TASK STATEMENT ▸ Among the following entries, say how many lines contain the word "aerial"; the answer is a number and nothing else.

TASK DATA ▸
========================
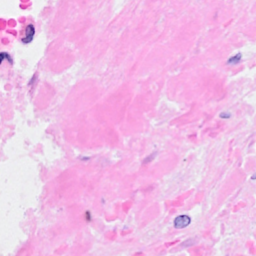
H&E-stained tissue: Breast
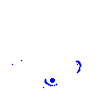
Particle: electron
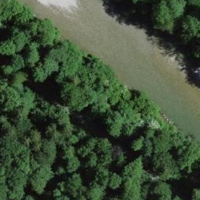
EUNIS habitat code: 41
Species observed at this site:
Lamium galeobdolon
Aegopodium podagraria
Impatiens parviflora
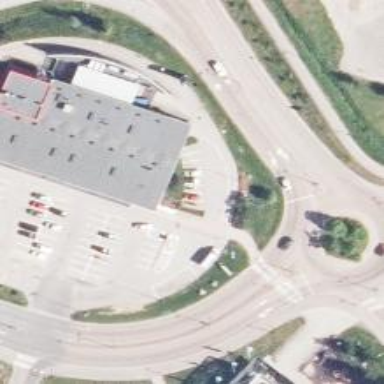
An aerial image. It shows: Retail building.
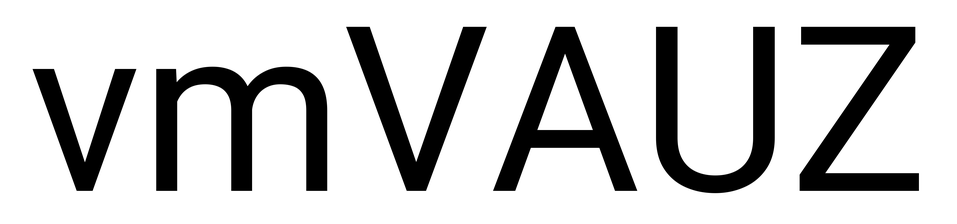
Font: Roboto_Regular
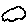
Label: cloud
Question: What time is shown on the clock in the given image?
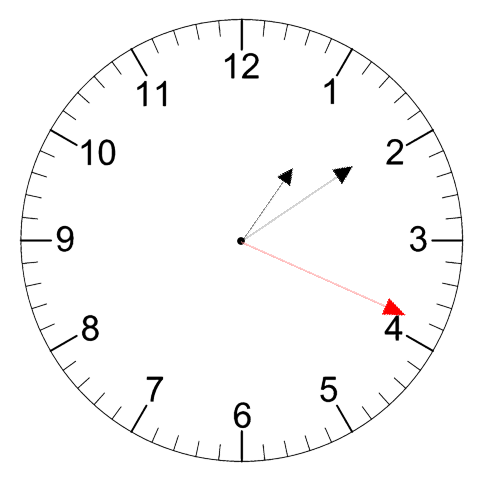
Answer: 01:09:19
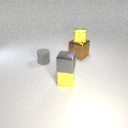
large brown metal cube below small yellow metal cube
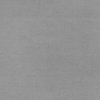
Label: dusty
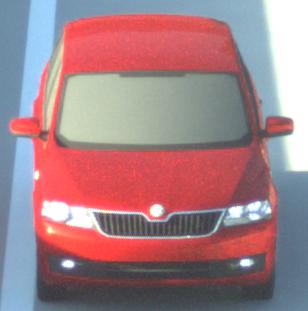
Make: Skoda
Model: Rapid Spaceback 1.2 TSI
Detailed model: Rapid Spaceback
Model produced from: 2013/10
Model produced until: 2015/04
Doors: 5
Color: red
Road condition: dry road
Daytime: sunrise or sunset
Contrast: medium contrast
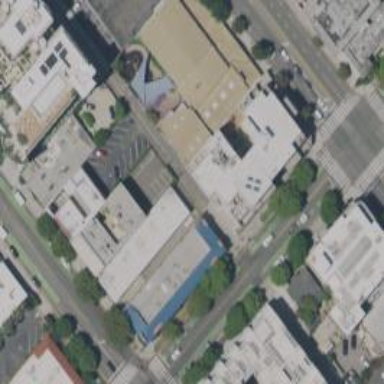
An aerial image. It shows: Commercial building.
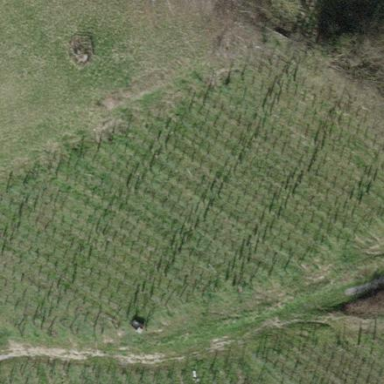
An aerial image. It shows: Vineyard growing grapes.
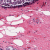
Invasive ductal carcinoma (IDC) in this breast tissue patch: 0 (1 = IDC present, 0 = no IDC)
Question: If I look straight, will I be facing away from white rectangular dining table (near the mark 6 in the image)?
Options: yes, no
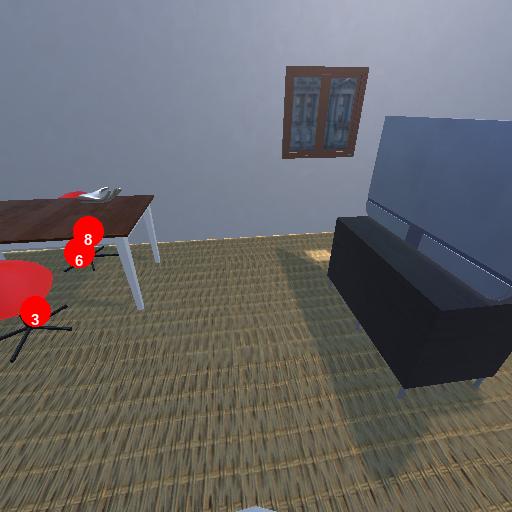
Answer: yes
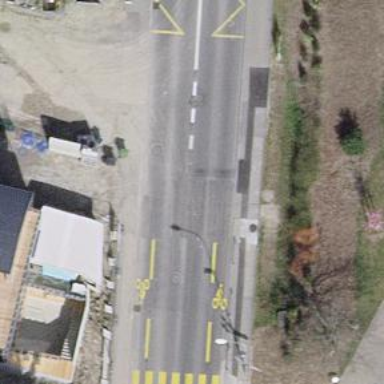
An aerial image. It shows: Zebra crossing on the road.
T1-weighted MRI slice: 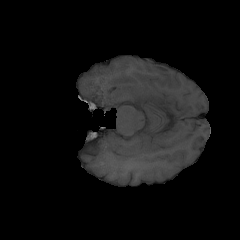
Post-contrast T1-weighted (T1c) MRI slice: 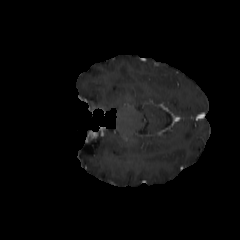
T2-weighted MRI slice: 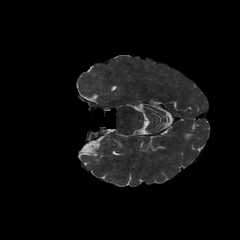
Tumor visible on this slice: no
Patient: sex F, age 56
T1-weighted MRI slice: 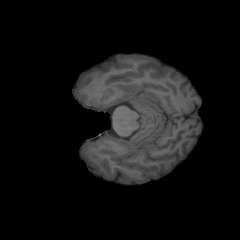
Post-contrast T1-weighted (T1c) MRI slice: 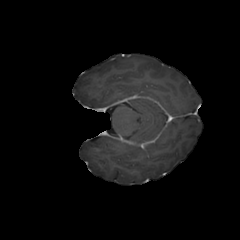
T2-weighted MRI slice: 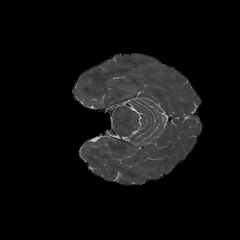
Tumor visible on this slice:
========================
RESULT FOR THIS EXERCISE ▸ 4